## EXERCISE BRIEF
Output everything in the data exactly, leaving the pictures out.
· · · · · · ·
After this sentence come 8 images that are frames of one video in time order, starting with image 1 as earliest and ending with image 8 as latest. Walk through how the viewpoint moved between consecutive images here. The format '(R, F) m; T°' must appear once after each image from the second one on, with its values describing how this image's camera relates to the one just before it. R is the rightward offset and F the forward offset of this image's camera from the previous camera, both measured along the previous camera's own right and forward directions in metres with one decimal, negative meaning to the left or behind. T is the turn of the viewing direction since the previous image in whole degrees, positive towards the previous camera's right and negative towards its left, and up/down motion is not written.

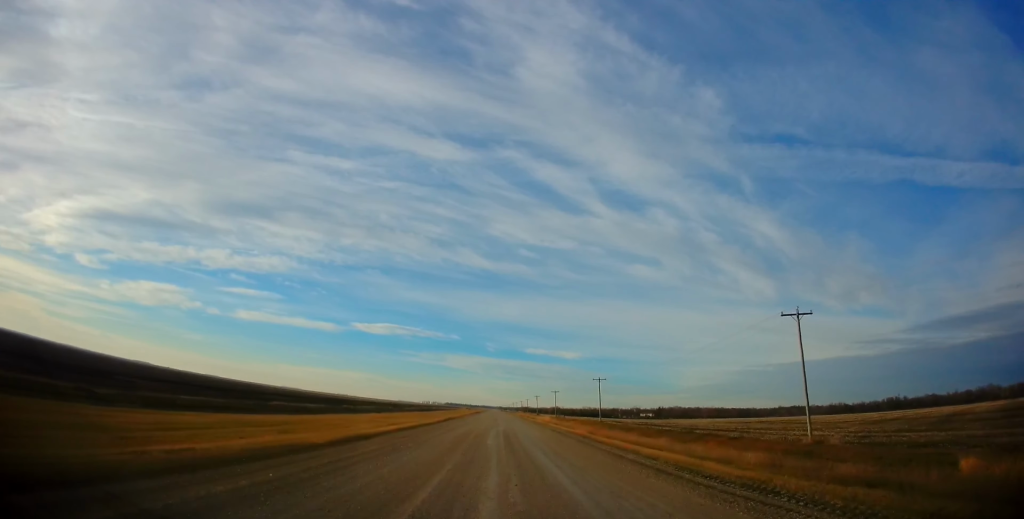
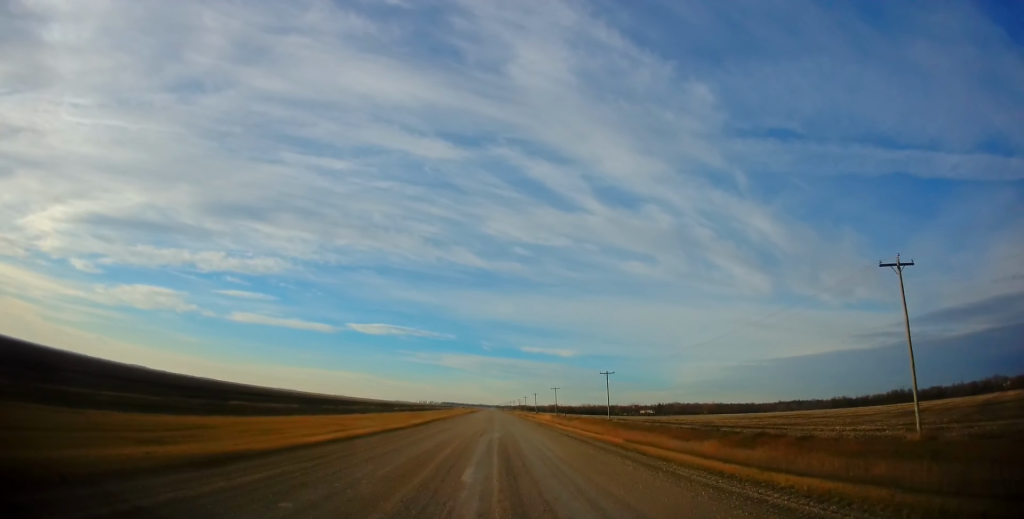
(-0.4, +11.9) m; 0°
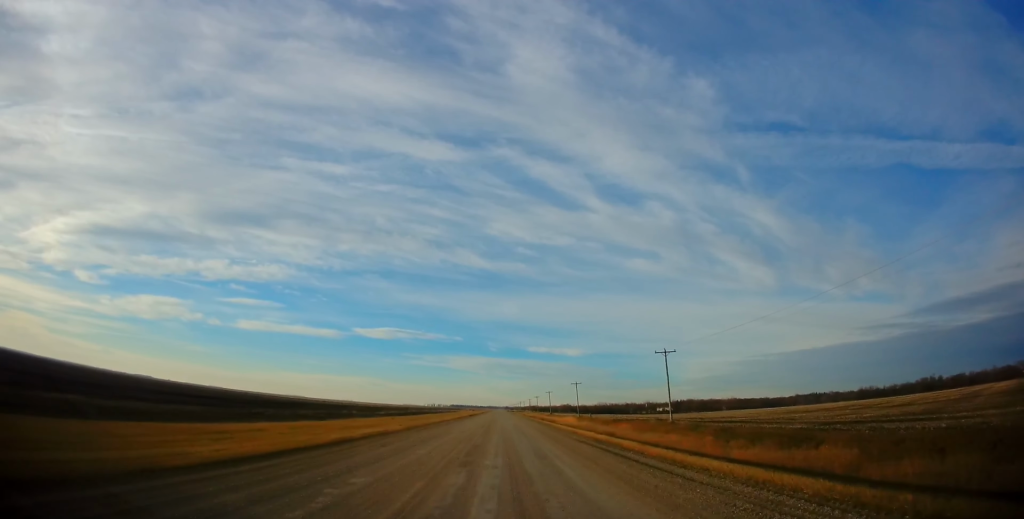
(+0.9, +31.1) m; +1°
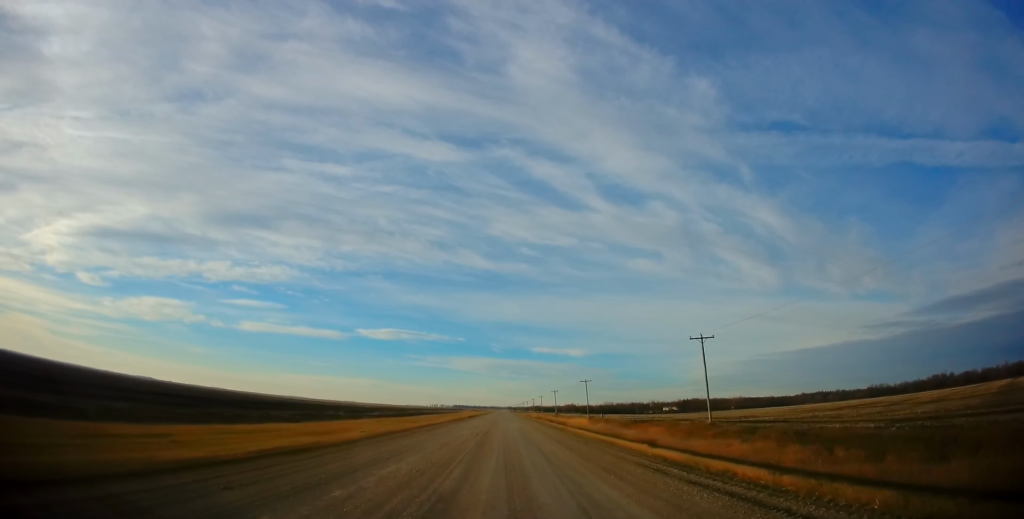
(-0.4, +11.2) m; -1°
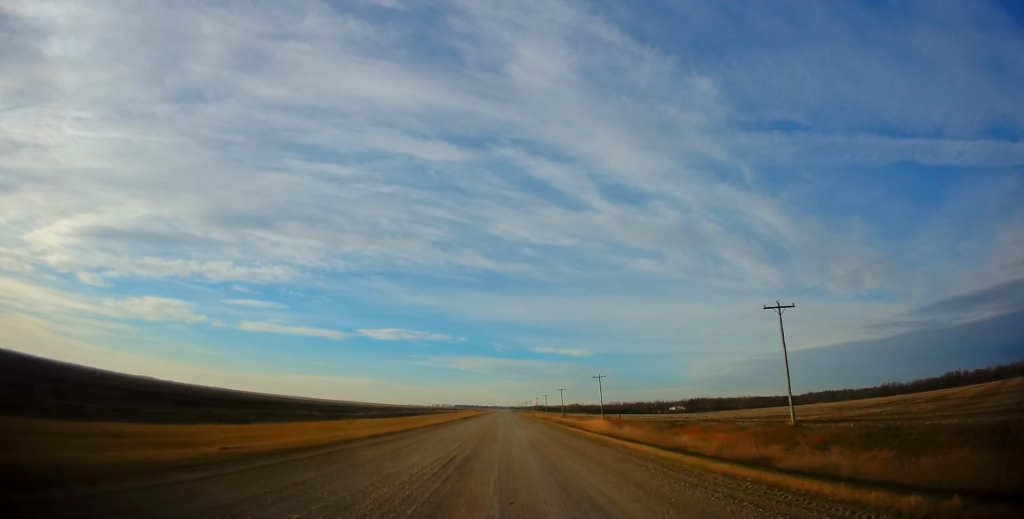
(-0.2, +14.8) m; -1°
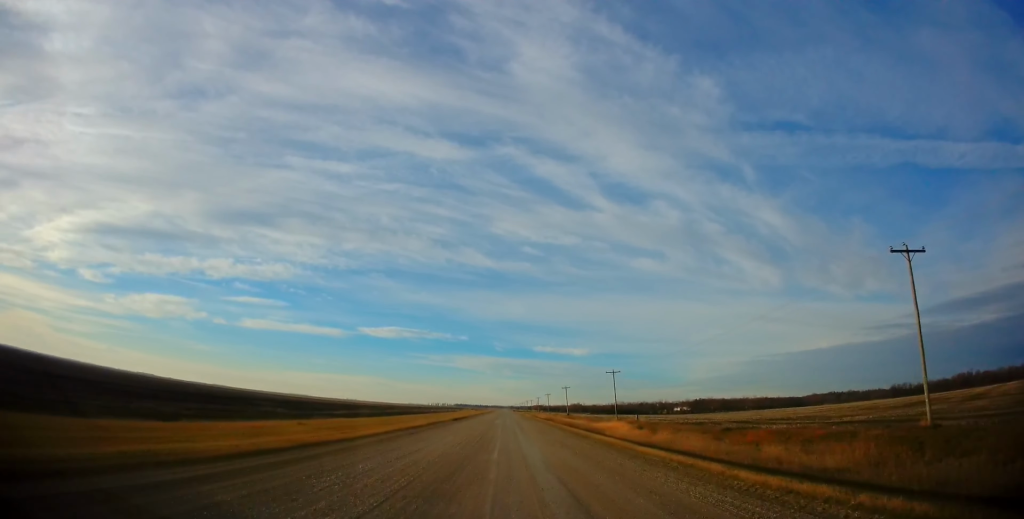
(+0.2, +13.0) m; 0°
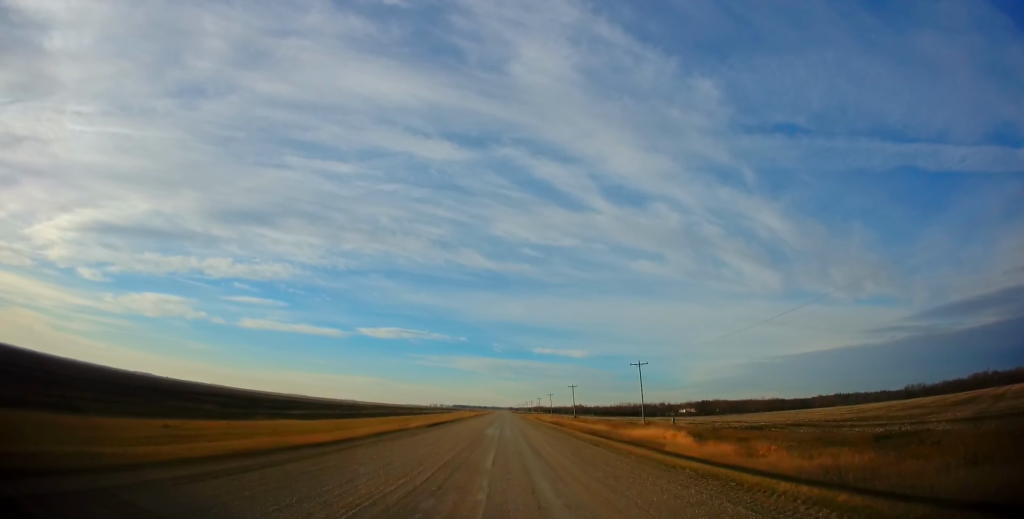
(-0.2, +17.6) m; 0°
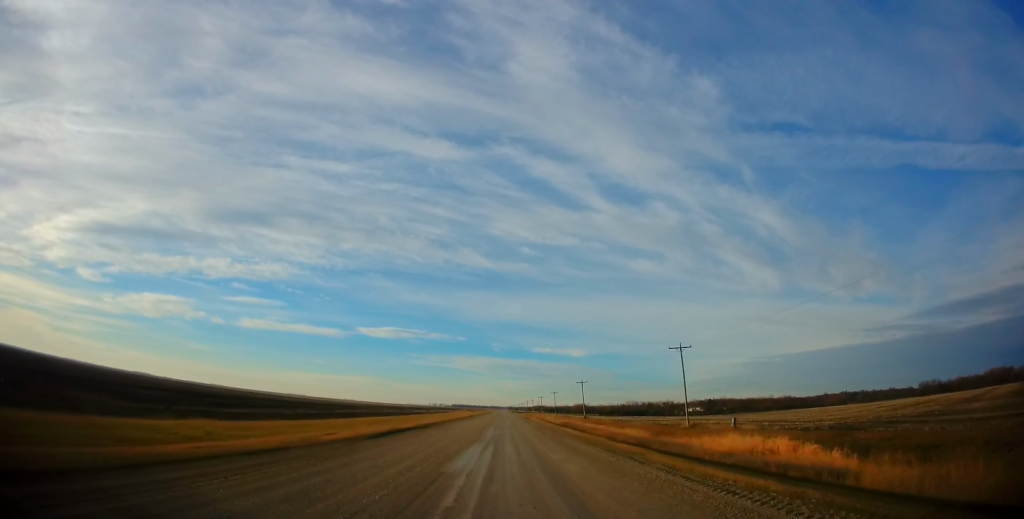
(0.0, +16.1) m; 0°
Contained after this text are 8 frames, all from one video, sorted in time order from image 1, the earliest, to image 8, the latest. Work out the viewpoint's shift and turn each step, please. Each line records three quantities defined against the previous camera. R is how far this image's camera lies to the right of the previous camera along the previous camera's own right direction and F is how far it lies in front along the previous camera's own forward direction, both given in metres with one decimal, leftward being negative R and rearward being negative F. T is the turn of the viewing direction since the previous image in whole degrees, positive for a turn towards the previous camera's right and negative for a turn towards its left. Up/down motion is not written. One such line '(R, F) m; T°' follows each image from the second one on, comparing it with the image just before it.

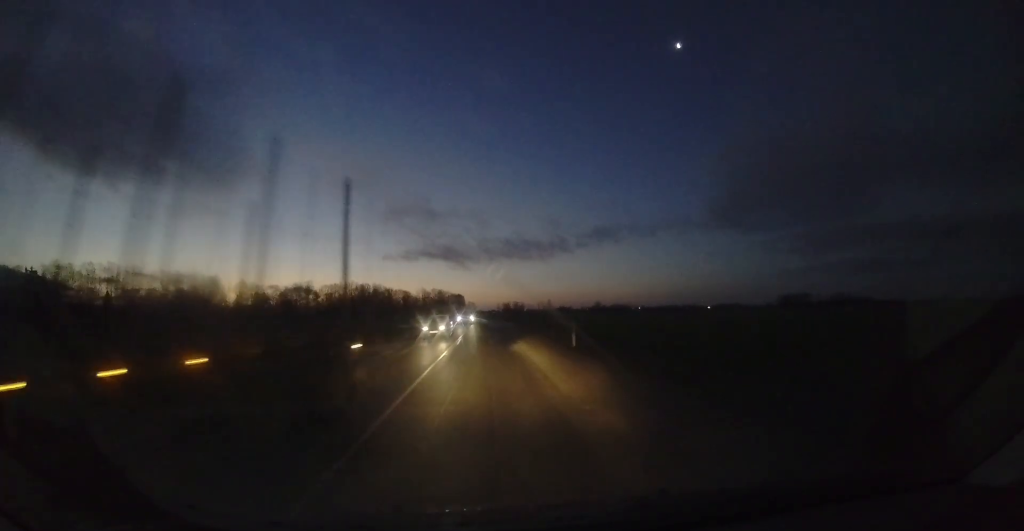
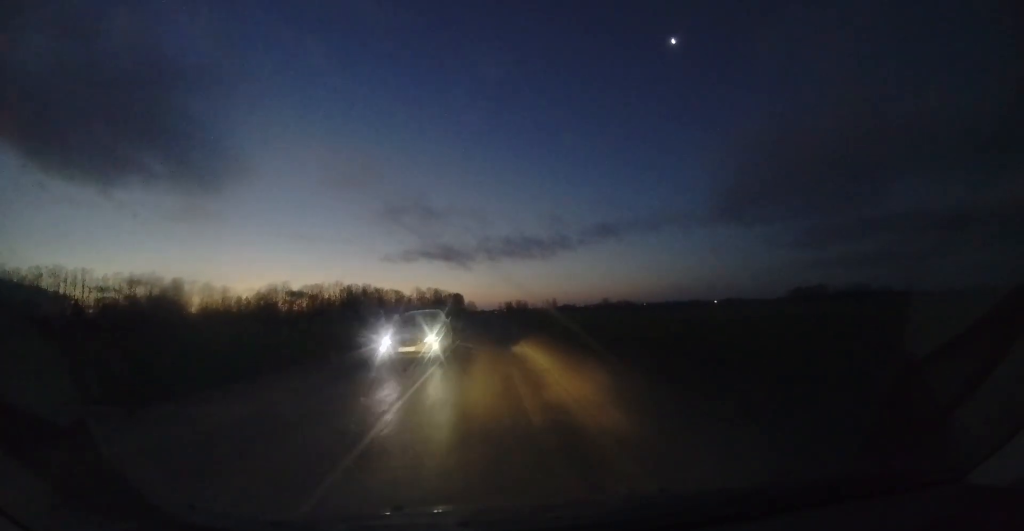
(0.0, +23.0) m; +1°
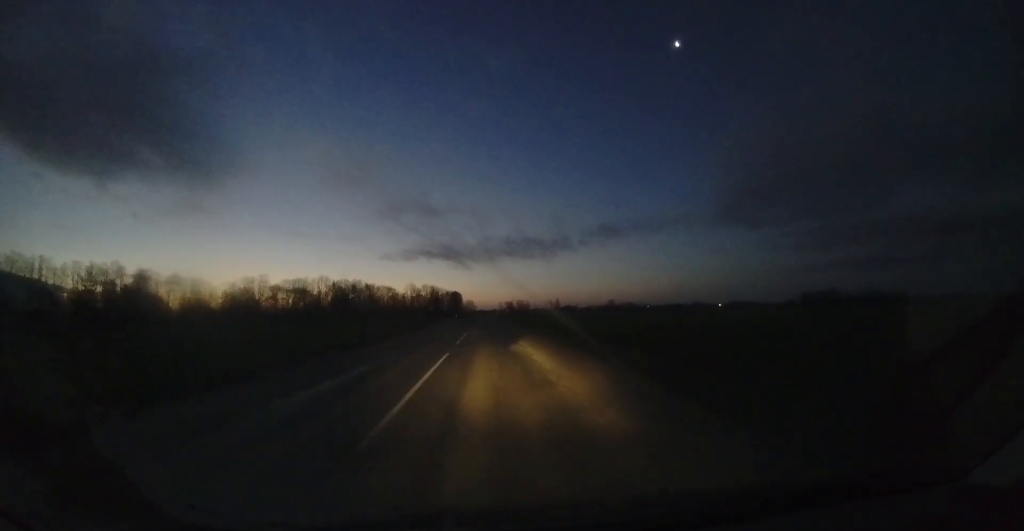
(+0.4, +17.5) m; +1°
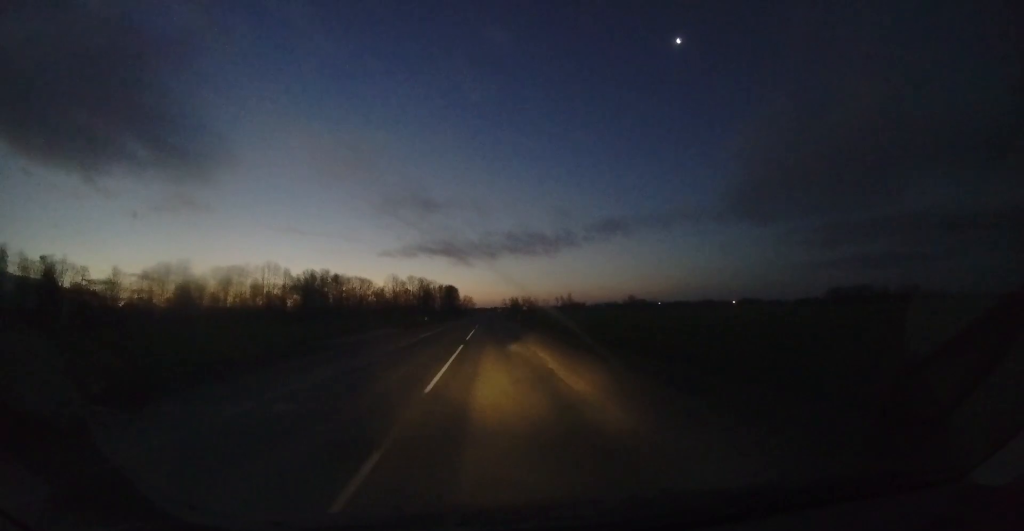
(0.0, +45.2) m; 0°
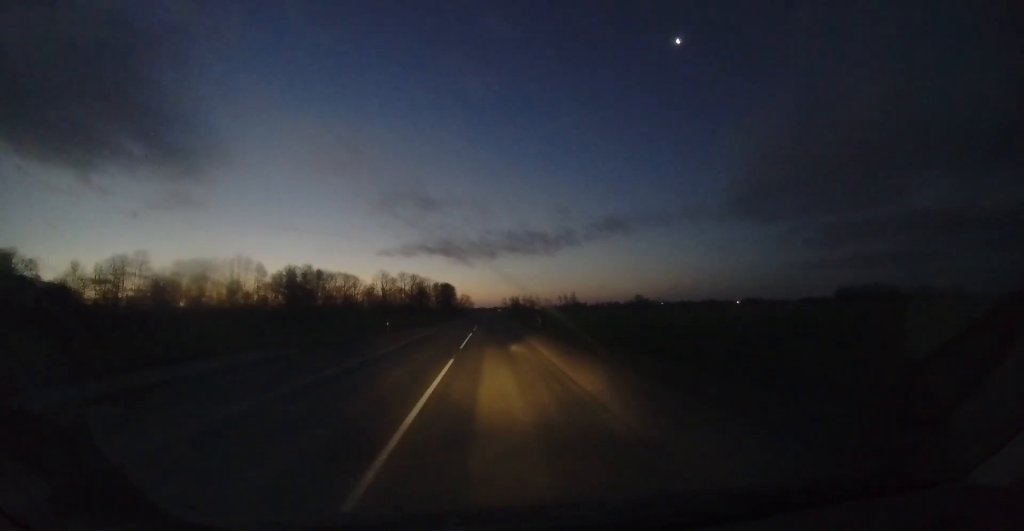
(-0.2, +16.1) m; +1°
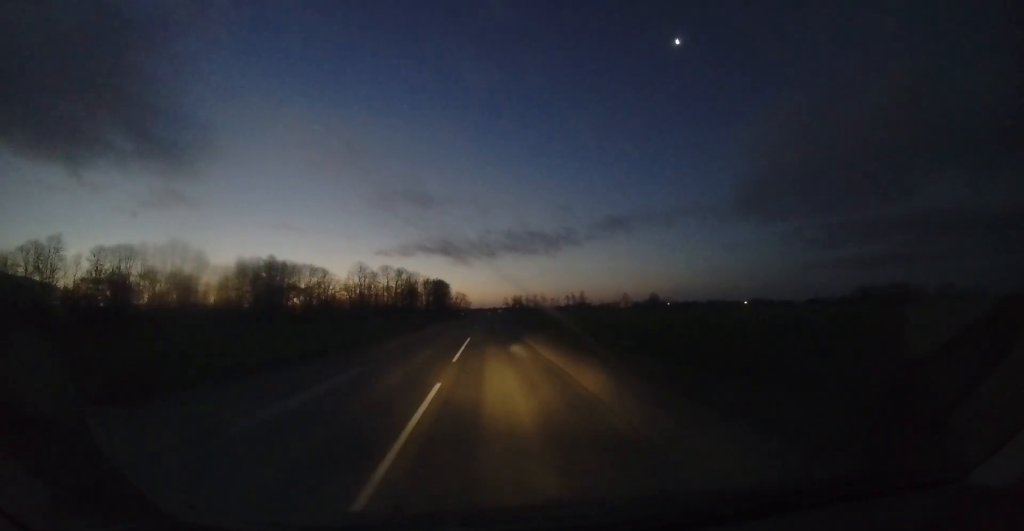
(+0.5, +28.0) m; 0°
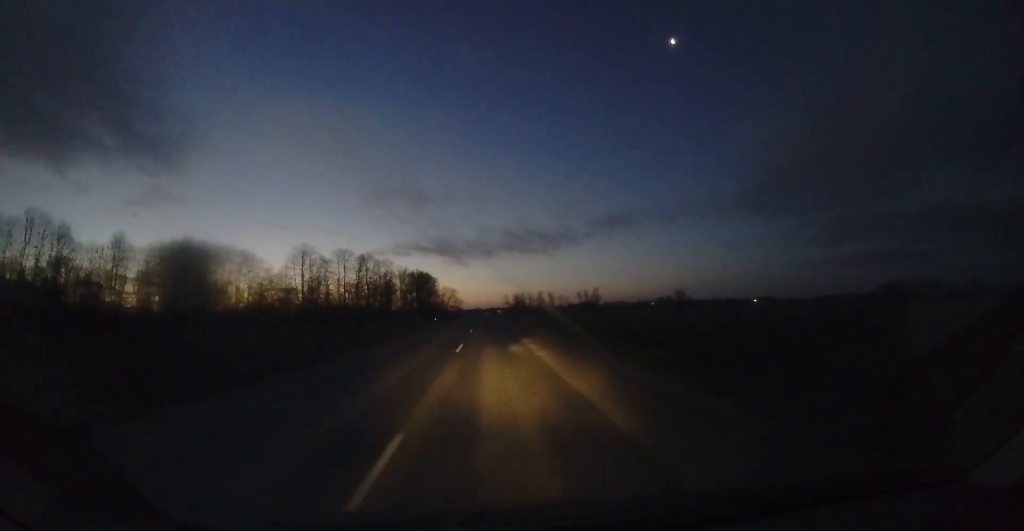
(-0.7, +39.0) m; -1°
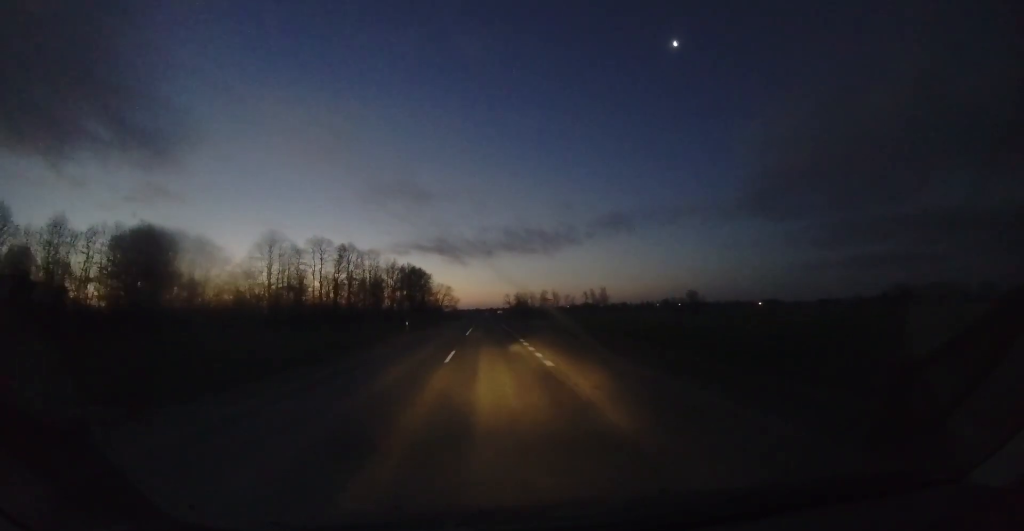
· · · · · · ·
## RESULT FOR THIS EXERCISE
After this sentence come 8 images that are frames of one video in time order, starting with image 1 as earliest and ending with image 8 as latest. Walk through how the viewpoint moved between consecutive images here. The format '(R, F) m; T°' must appear once after each image from the second one on, with its values describing how this image's camera relates to the one just before it. R is the rightward offset and F the forward offset of this image's camera from the previous camera, both measured along the previous camera's own right and forward directions in metres with one decimal, negative meaning to the left or behind. T is the turn of the viewing direction since the previous image in whole degrees, positive towards the previous camera's right and negative towards its left, and up/down motion is not written.

(-0.4, +11.9) m; 0°
(+0.9, +31.1) m; +1°
(-0.4, +11.2) m; -1°
(-0.2, +14.8) m; -1°
(+0.2, +13.0) m; 0°
(-0.2, +17.6) m; 0°
(0.0, +16.1) m; 0°
Contained after this text are 8 frames, all from one video, sorted in time order from image 1, the earliest, to image 8, the latest. Work out the viewpoint's shift and turn each step, please. Each line records three quantities defined against the previous camera. R is how far this image's camera lies to the right of the previous camera along the previous camera's own right direction and F is how far it lies in front along the previous camera's own forward direction, both given in metres with one decimal, leftward being negative R and rearward being negative F. T is the turn of the viewing direction since the previous image in whole degrees, positive for a turn towards the previous camera's right and negative for a turn towards its left. Up/down motion is not written. One such line '(R, F) m; T°' follows each image from the second one on, comparing it with the image just before it.

(0.0, +23.0) m; +1°
(+0.4, +17.5) m; +1°
(0.0, +45.2) m; 0°
(-0.2, +16.1) m; +1°
(+0.5, +28.0) m; 0°
(-0.7, +39.0) m; -1°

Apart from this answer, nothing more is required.